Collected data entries

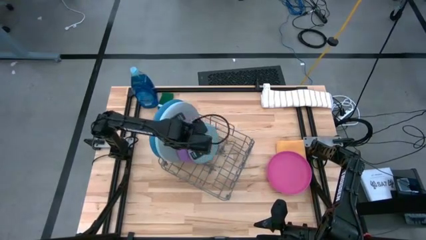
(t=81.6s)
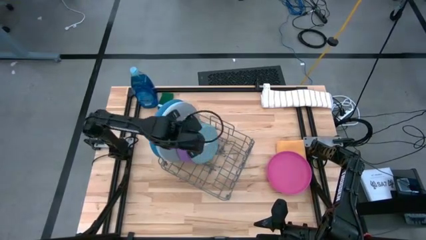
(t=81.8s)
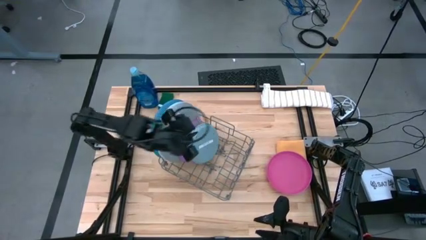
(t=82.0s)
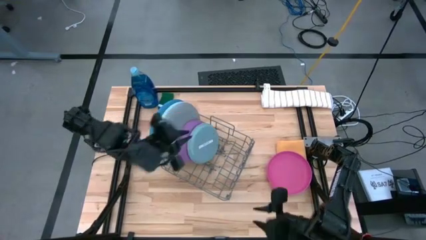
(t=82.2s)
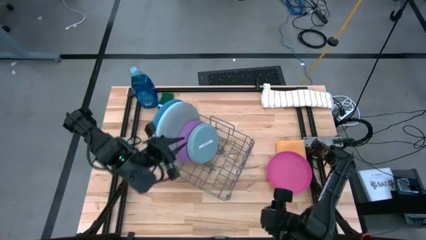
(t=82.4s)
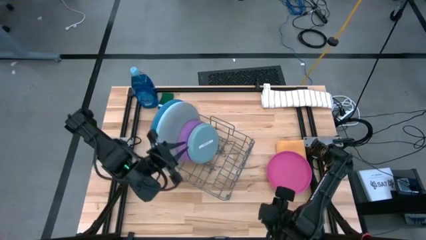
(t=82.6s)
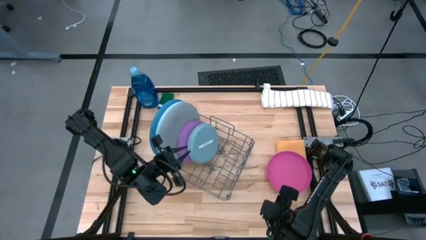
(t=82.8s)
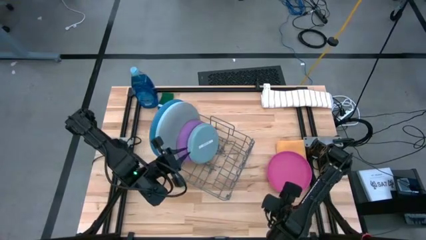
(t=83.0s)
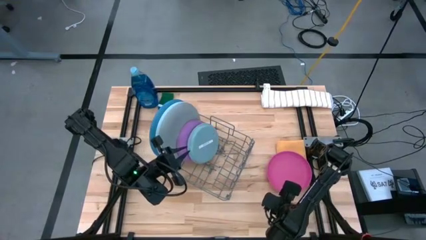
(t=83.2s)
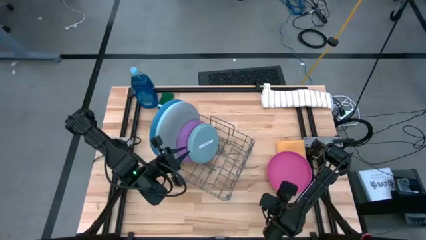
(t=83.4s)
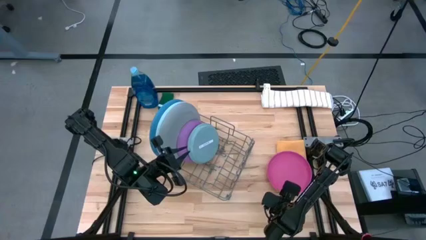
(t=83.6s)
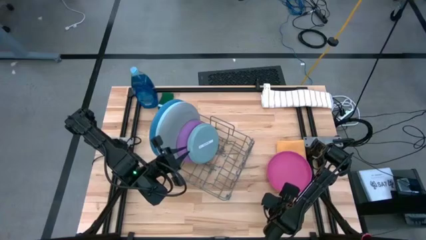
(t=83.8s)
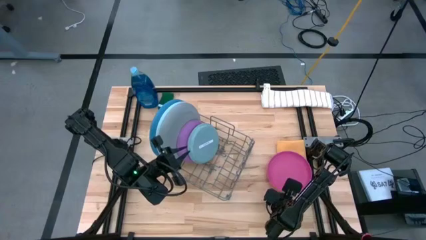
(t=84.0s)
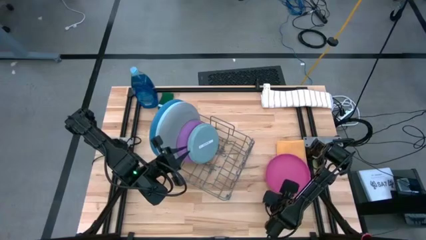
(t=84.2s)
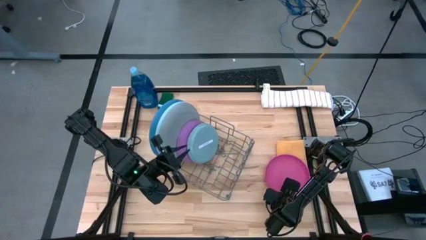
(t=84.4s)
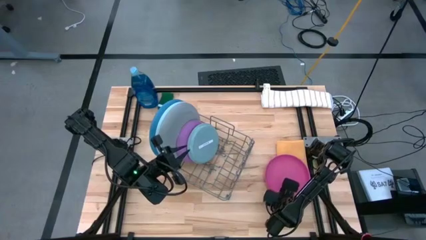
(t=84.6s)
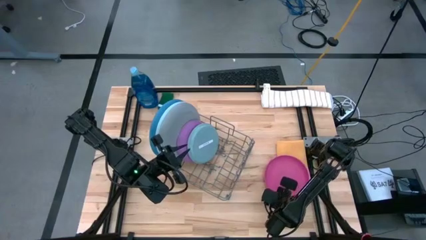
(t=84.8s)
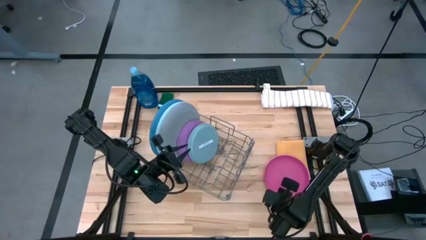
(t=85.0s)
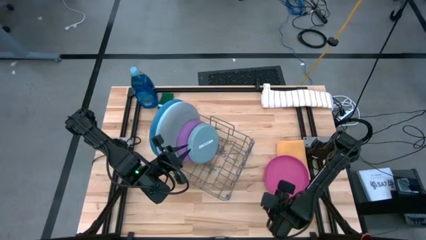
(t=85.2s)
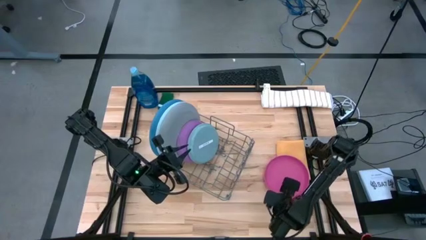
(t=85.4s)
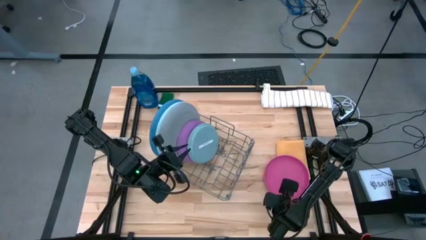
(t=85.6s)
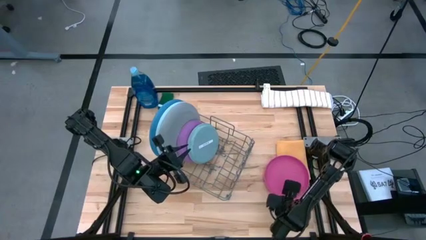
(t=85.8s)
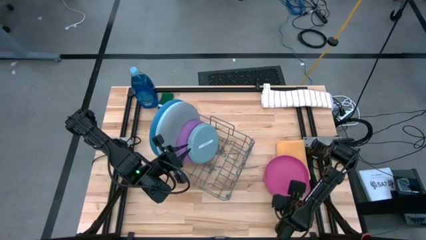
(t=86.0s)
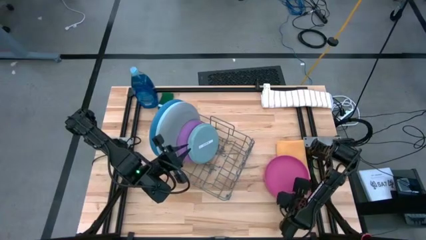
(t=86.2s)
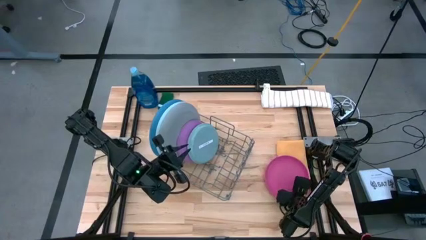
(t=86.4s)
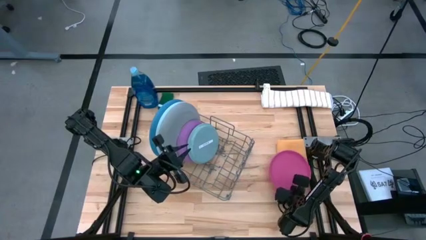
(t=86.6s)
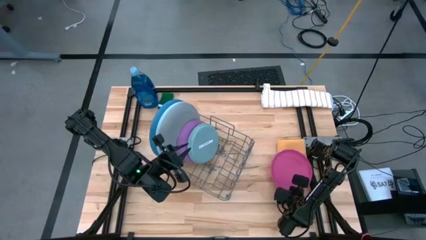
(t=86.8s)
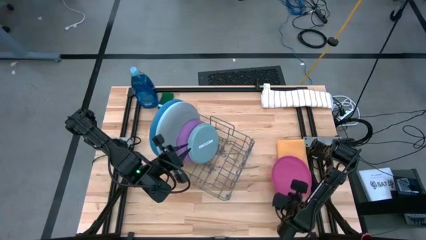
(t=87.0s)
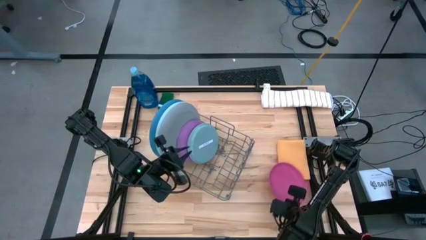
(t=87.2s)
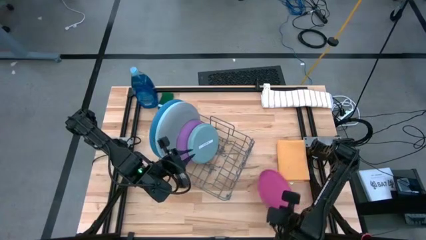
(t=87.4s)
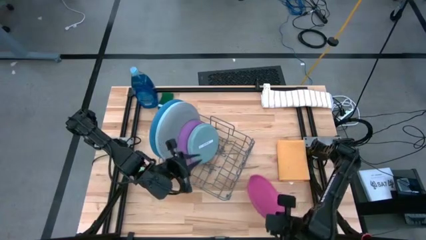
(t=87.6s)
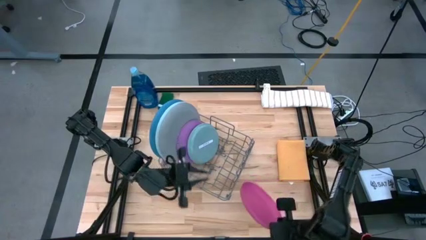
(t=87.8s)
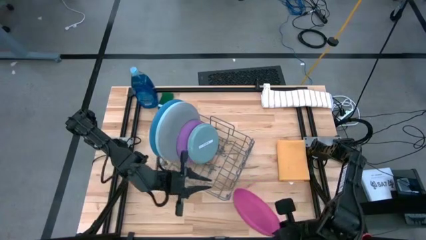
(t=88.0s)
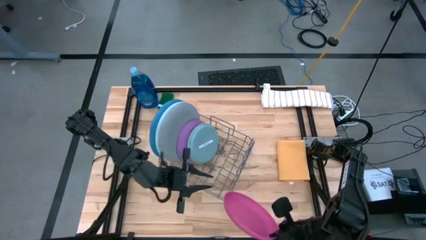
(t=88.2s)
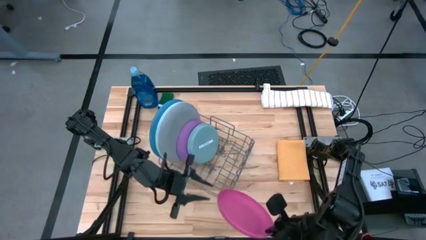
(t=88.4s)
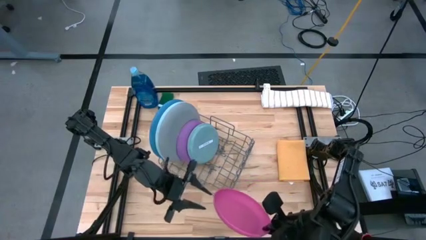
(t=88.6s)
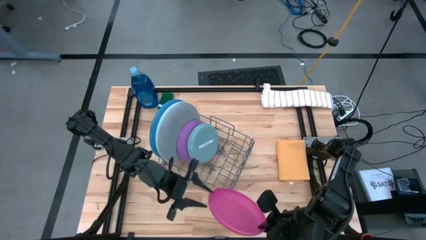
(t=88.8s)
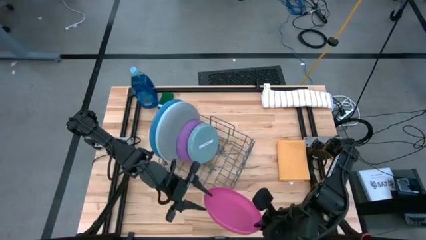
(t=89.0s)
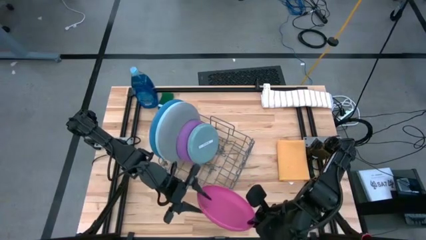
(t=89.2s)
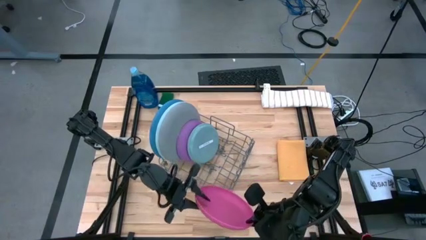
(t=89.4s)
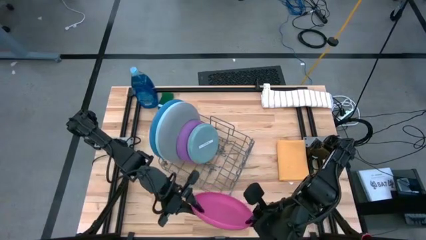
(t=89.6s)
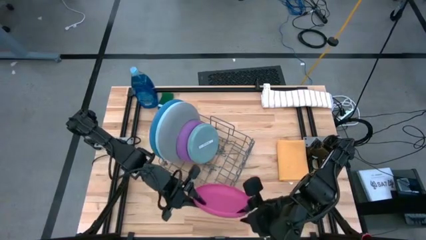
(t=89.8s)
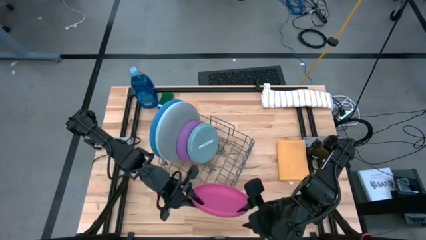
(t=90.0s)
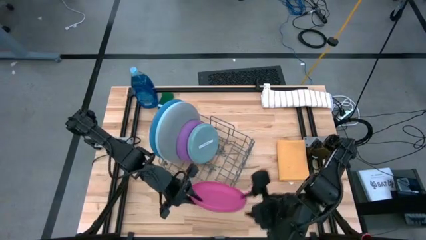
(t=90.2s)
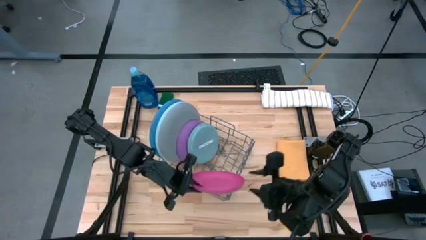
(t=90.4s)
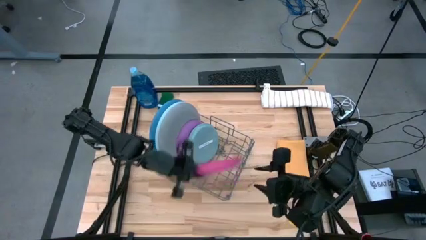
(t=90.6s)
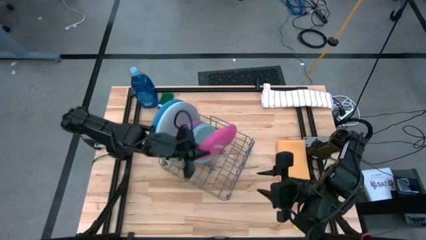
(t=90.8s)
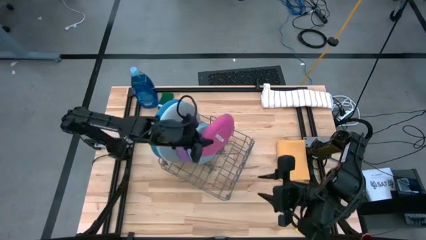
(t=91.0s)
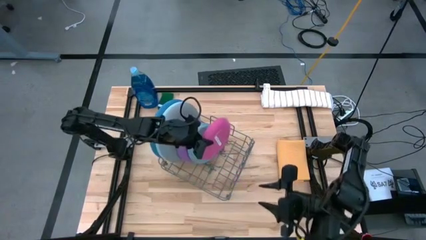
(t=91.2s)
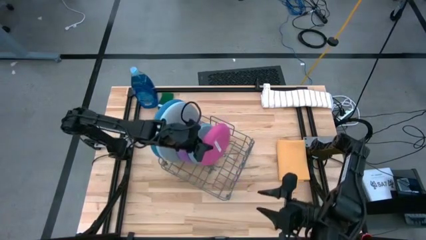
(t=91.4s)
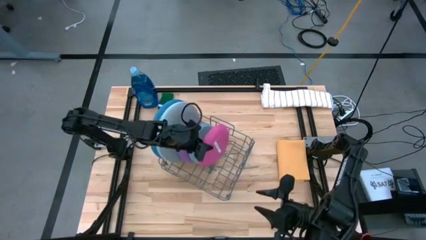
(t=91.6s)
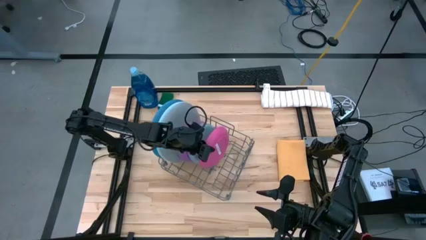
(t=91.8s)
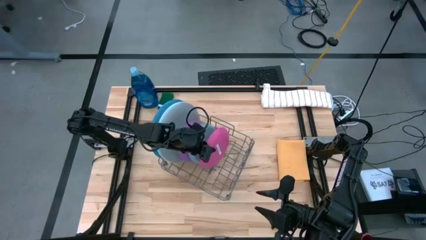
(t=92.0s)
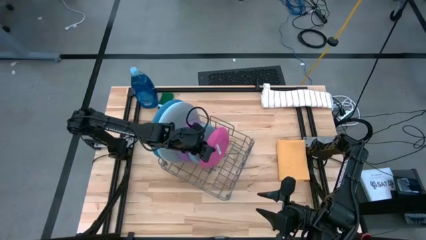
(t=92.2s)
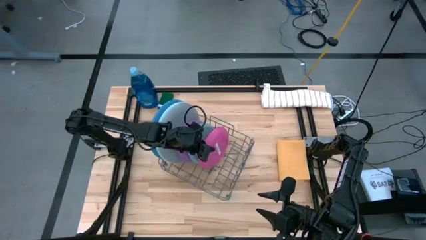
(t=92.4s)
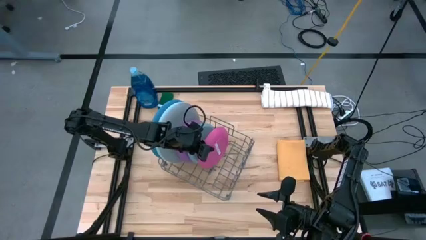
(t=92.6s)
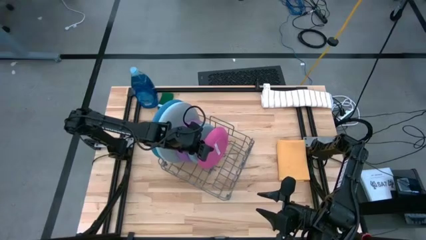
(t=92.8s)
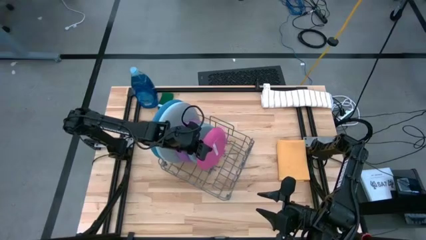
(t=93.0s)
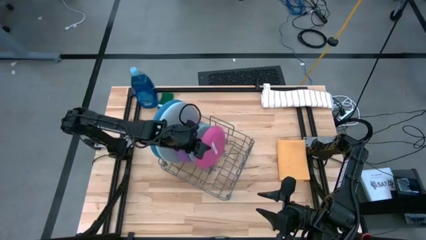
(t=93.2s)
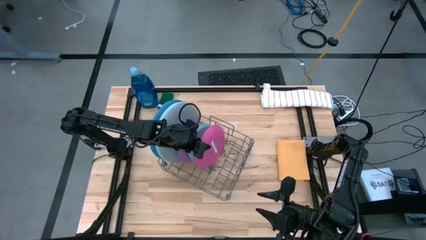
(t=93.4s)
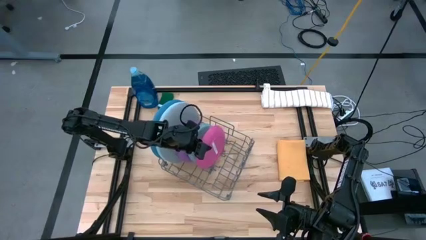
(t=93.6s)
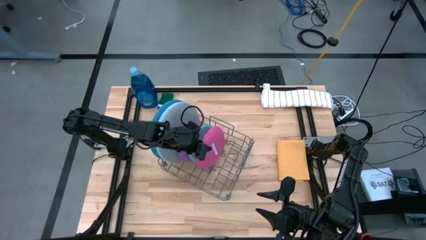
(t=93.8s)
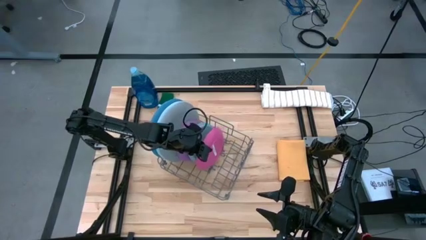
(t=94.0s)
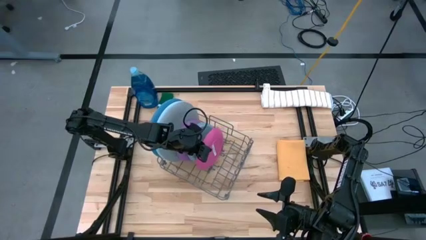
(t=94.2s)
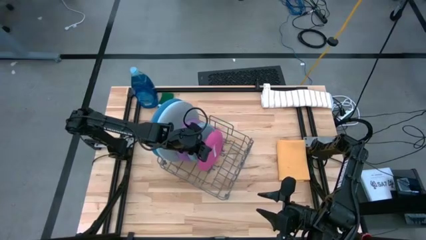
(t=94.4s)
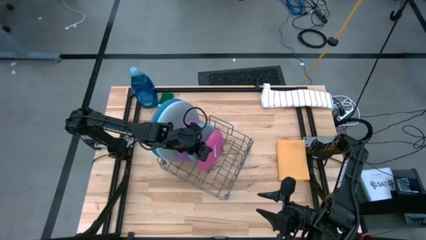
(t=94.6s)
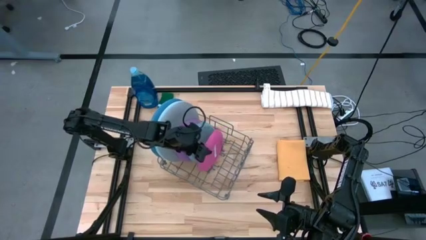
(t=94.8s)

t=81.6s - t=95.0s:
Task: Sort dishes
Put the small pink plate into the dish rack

--- HOW TO COMPLETE THIS TASK ---
What you give back must match the entries exactly, apart from the omitted pictures.

--- TASK OUTPUT ---
(t=81.6s)
(t=81.8s)
(t=82.0s)
(t=82.2s)
(t=82.4s)
(t=82.6s)
(t=82.8s)
(t=83.0s)
(t=83.2s)
(t=83.4s)
(t=83.6s)
(t=83.8s)
(t=84.0s)
(t=84.2s)
(t=84.4s)
(t=84.6s)
(t=84.8s)
(t=85.0s)
(t=85.2s)
(t=85.4s)
(t=85.6s)
(t=85.8s)
(t=86.0s)
(t=86.2s)
(t=86.4s)
(t=86.6s)
(t=86.8s)
(t=87.0s)
(t=87.2s)
(t=87.4s)
(t=87.6s)
(t=87.8s)
(t=88.0s)
(t=88.2s)
(t=88.4s)
(t=88.6s)
(t=88.8s)
(t=89.0s)
(t=89.2s)
(t=89.4s)
(t=89.6s)
(t=89.8s)
(t=90.0s)
(t=90.2s)
(t=90.4s)
(t=90.6s)
(t=90.8s)
(t=91.0s)
(t=91.2s)
(t=91.4s)
(t=91.6s)
(t=91.8s)
(t=92.0s)
(t=92.2s)
(t=92.4s)
(t=92.6s)
(t=92.8s)
(t=93.0s)
(t=93.2s)
(t=93.4s)
(t=93.6s)
(t=93.8s)
(t=94.0s)
(t=94.2s)
(t=94.4s)
(t=94.6s)
(t=94.8s)

t=81.6s - t=95.0s:
Task: Sort dishes
Put the small pink plate into the dish rack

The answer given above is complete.